My mother (she just turned 68) was having some trouble with her Airport Base Station, and she wanted some help from me. Unfortunately I live 1300 miles away. Remote support has been a constant problem, so last night I talked her through installing Apple's latest Remote Desktop Client 2.1.

Then I found out that her DSL ISP (Earthlink) is blocking incoming port 22. So I couldn't do an SSH connection to her IP to tunnel to the VNC port on her iMac. This was annoying, but I knew there must be a solution.

What you need is the following:

The following shell script is something that I probably couldn't have gotten across to her over the phone, but a simple AppleScript .app sent via iChat solved the problem.

The AppleScript does a reverse port mapping from her machine to mine.

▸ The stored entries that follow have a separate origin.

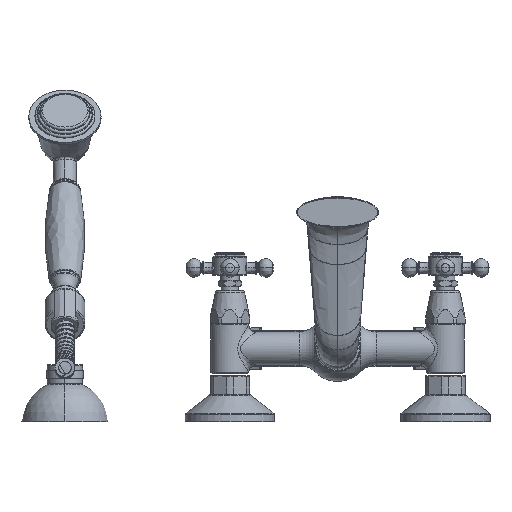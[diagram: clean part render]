
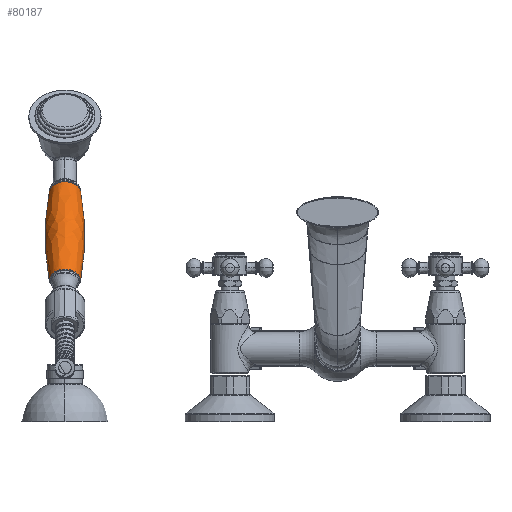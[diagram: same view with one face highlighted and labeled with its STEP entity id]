
A CAD part, front view. The second image highlights one B-rep face of the part: STEP entity #80187.
In plain terms, the highlighted free-form (B-spline) face has degree [3, 3] with [7, 4] control points.
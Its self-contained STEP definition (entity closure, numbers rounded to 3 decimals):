
#67638=CARTESIAN_POINT('',(-200.,247.153,114.459));
#67639=DIRECTION('',(0.,0.688,0.725));
#67640=DIRECTION('',(-1.,0.,0.));
#67641=AXIS2_PLACEMENT_3D('',#67638,#67639,#67640);
#67663=CARTESIAN_POINT('',(-517.042,216.7,
82.368));
#67664=DIRECTION('',(0.,-0.725,0.688));
#67665=DIRECTION('',(0.991,-0.092,-0.097));
#67666=AXIS2_PLACEMENT_3D('',#67663,#67664,#67665);
#67668=CARTESIAN_POINT('',(117.042,216.7,82.368));
#67669=DIRECTION('',(0.,0.725,-0.688));
#67670=DIRECTION('',(-0.991,-0.092,-0.097));
#67671=AXIS2_PLACEMENT_3D('',#67668,#67669,#67670);
#67673=CARTESIAN_POINT('',(-200.,186.247,50.278));
#67674=DIRECTION('',(0.,0.688,0.725));
#67675=DIRECTION('',(-1.,0.,0.));
#67676=AXIS2_PLACEMENT_3D('',#67673,#67674,#67675);
#78711=CARTESIAN_POINT('',(-211.535,247.153,
114.459));
#78712=CARTESIAN_POINT('',(-188.465,247.153,
114.459));
#78713=VERTEX_POINT('',#78711);
#78714=VERTEX_POINT('',#78712);
#78715=CARTESIAN_POINT('',(-211.535,186.247,
50.278));
#78716=CARTESIAN_POINT('',(-188.465,186.247,
50.278));
#78717=VERTEX_POINT('',#78715);
#78718=VERTEX_POINT('',#78716);
#80151=CARTESIAN_POINT('',(-188.729,248.877,
115.246));
#80152=CARTESIAN_POINT('',(-184.455,228.032,
92.889));
#80153=CARTESIAN_POINT('',(-184.455,206.786,
70.501));
#80154=CARTESIAN_POINT('',(-188.729,185.551,
48.514));
#80155=CARTESIAN_POINT('',(-188.292,243.846,
120.021));
#80156=CARTESIAN_POINT('',(-183.853,221.093,
99.474));
#80157=CARTESIAN_POINT('',(-183.853,199.847,
77.086));
#80158=CARTESIAN_POINT('',(-188.292,180.52,
53.289));
#80159=CARTESIAN_POINT('',(-193.05,240.171,
123.508));
#80160=CARTESIAN_POINT('',(-190.415,216.024,
104.284));
#80161=CARTESIAN_POINT('',(-190.415,194.779,
81.896));
#80162=CARTESIAN_POINT('',(-193.05,176.845,
56.776));
#80163=CARTESIAN_POINT('',(-200.,240.171,123.508));
#80164=CARTESIAN_POINT('',(-200.,216.024,104.284));
#80165=CARTESIAN_POINT('',(-200.,194.779,81.896));
#80166=CARTESIAN_POINT('',(-200.,176.845,56.776));
#80167=CARTESIAN_POINT('',(-206.95,240.171,
123.508));
#80168=CARTESIAN_POINT('',(-209.585,216.024,
104.284));
#80169=CARTESIAN_POINT('',(-209.585,194.779,
81.896));
#80170=CARTESIAN_POINT('',(-206.95,176.845,
56.776));
#80171=CARTESIAN_POINT('',(-211.708,243.846,
120.021));
#80172=CARTESIAN_POINT('',(-216.147,221.093,
99.474));
#80173=CARTESIAN_POINT('',(-216.147,199.847,
77.086));
#80174=CARTESIAN_POINT('',(-211.708,180.52,
53.289));
#80175=CARTESIAN_POINT('',(-211.271,248.877,
115.246));
#80176=CARTESIAN_POINT('',(-215.545,228.032,
92.889));
#80177=CARTESIAN_POINT('',(-215.545,206.786,
70.501));
#80178=CARTESIAN_POINT('',(-211.271,185.551,
48.514));
#80179=(BOUNDED_SURFACE()B_SPLINE_SURFACE(3,3,((#80151,#80152,#80153,#80154),(
#80155,#80156,#80157,#80158),(#80159,#80160,#80161,#80162),(#80163,#80164,
#80165,#80166),(#80167,#80168,#80169,#80170),(#80171,#80172,#80173,#80174),(
#80175,#80176,#80177,#80178)),.UNSPECIFIED.,.F.,.F.,.F.)B_SPLINE_SURFACE_WITH_KNOTS((4,3,4),(4,4),(0.,1.,2.),(0.,1.),.UNSPECIFIED.)GEOMETRIC_REPRESENTATION_ITEM()RATIONAL_B_SPLINE_SURFACE(((1.193,1.185,
1.185,1.193),(0.942,0.936,
0.936,0.942),(0.942,0.936,
0.936,0.942),(1.193,1.185,
1.185,1.193),(0.942,0.936,
0.936,0.942),(0.942,0.936,
0.936,0.942),(1.193,1.185,
1.185,1.193)))REPRESENTATION_ITEM('')SURFACE());
#80180=ORIENTED_EDGE('',*,*,#80071,.T.);
#80181=ORIENTED_EDGE('',*,*,#80139,.F.);
#80183=ORIENTED_EDGE('',*,*,#80182,.F.);
#80184=ORIENTED_EDGE('',*,*,#80135,.T.);
#80185=EDGE_LOOP('',(#80180,#80181,#80183,#80184));
#80186=FACE_OUTER_BOUND('',#80185,.F.);
#80187=ADVANCED_FACE('',(#80186),#80179,.T.);
#67642=CIRCLE('',#67641,11.535);
#67667=CIRCLE('',#67666,331.542);
#67672=CIRCLE('',#67671,331.542);
#67677=CIRCLE('',#67676,11.535);
#80071=EDGE_CURVE('',#78713,#78714,#67642,.T.);
#80135=EDGE_CURVE('',#78717,#78713,#67672,.T.);
#80139=EDGE_CURVE('',#78718,#78714,#67667,.T.);
#80182=EDGE_CURVE('',#78717,#78718,#67677,.T.);

Then I used a VNC application -- I use Chicken of the VNC (CotVNC) pointing at localhost, display 0, to remotely control her iMac:

tell application "Terminal"
  open window
   set x to window 1
   (* USER is a user name on the CotVNC machine *)
   (* DOMAIN.ORG is the host name or IP address for the CotVNC machine *)
   do script "ssh USER@DOMAIN.ORG -R 5900:127.0.0.1:5900" in x
   activate
end tell
Substitute the appropriate USER and DOMAIN.ORG information for your machine in the script.

The only setting you need with Apple's 2.1 client (which should be called ARD 2.1 Server, but that would confuse the unwashed masses) is to check the Apple Remote Desktop in System Preferences Sharing Pane. Then, from the "Access Privileges..." button, check "VNC viewers may control screen with password," enter a bogus password (since we are using SSH for security), and click OK. The other settings are not used unless you are using Apple's Remote Desktop software.

The trick is that we want to tunnel from our local loopback address 127.0.0.1 (IPv4) on the machine running CotVNC to the remote machine. But since the remote machine is behind an incoming firewall that blocks port 22, we need to do a reverse tunnel to our localhost. When the remote user runs this script, the tunnel is available on port 5900 on the localhost for the local VNC client. If you don't have an authorized SSH key on the CotVNC machine, then the Terminal window that opens for the AppleScript user on the remote machine will prompt for a password.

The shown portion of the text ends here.